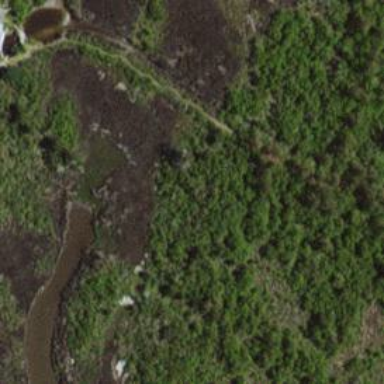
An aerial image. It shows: Marshy wetland area.
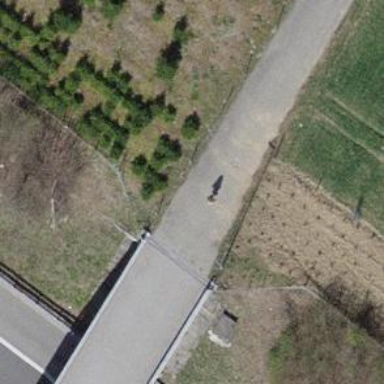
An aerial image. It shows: Asphalt track on bridge with grade 1 tracktype. This bridge is designed for agricultural vehicles.
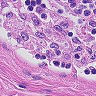
Metastatic tissue present: no
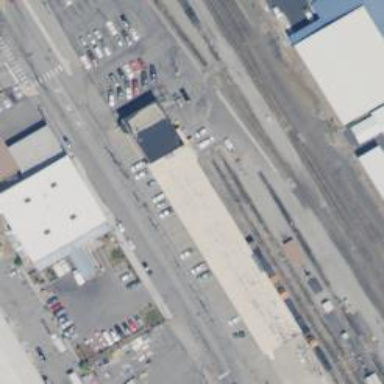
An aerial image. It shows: Railway spur service.
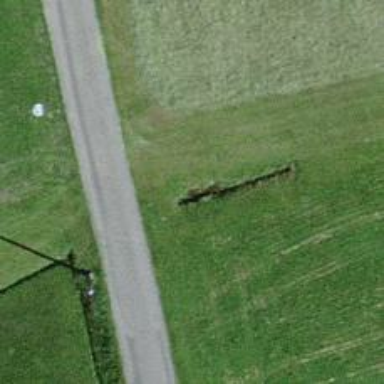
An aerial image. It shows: Culvert tunnel.
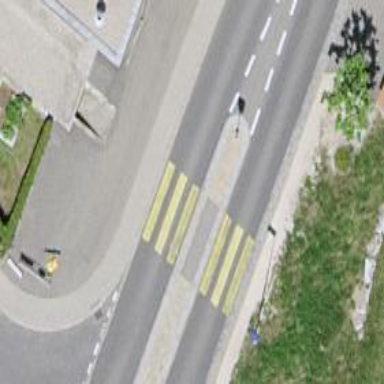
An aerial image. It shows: Uncontrolled crossing with pedestrian island.
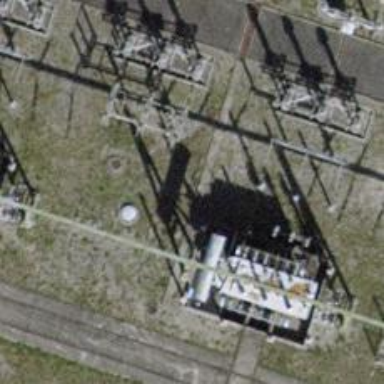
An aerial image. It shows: Power line in the image.
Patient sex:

- - -

* _TASK GOAL_
Only the lines from the first line of the listing above through the line with "An aerial image. It shows: Culvert tunnel." should be set down, exactly and without pictures.

* _SOLUTION FOR THIS EXERCISE_
An aerial image. It shows: Marshy wetland area.
An aerial image. It shows: Asphalt track on bridge with grade 1 tracktype. This bridge is designed for agricultural vehicles.
Metastatic tissue present: no
An aerial image. It shows: Railway spur service.
An aerial image. It shows: Culvert tunnel.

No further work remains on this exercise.